La mission Planck de l’ESA vient de dévoiler une carte du champ magnétique de notre Voie Lactée.

 

 

Probablement motivés par les dernières informations de BICEP2 du Pôle Sud, les scientifiques de Planck viennent donc de rendre public certaines informations liées à la polarisation du CMB.

Cette image est issue des premières observations sur l'ensemble du ciel de la lumière « polarisée » émise par la poussière interstellaire de notre Galaxie

 

Copyright ESA and the Planck Collaboration

 

 

 

On s’intéresse à la polarisation de la lumière ; la lumière est une onde électromagnétique, c’est-à-dire qu’elle possède un champ électrique et un champ magnétique qui vibrent dans des directions différentes perpendiculaires à la direction de propagation.

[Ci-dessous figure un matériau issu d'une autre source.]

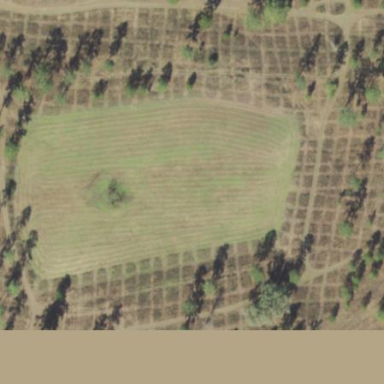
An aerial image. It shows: Orchard.
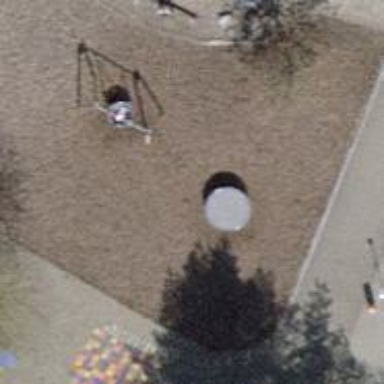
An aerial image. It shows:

La polarisation intéresse le champ électrique. Ce champ peut vibrer soit dans une seule direction soit dans toutes les directions.

Quand elle vibre dans une seule direction on dit par abus de langage qu’elle est polarisée.

 

Dans l’espace la lumière des étoiles peut être polarisée. C’est en étudiant à cette polarisation et au phénomène physique qui lui a donné naissance que les astrophysiciens s’intéressent.

 

D’après l’INSU :

La carte présentée ci-dessus a été obtenue en utilisant des détecteurs du satellite Planck, agissant un peu à la manière des lunettes de soleil polarisées, en version astronomique.

Les tourbillons, boucles et arches de cette image tracent la structure du champ magnétique de notre Galaxie.

Cette image dévoile l'organisation à grande échelle d'une partie du champ magnétique galactique.

La bande sombre correspond au plan galactique : l'émission polarisée y est particulièrement intense. La structure générale révèle un motif régulier où les lignes du champ magnétique sont majoritairement parallèles au plan de la Voie Lactée.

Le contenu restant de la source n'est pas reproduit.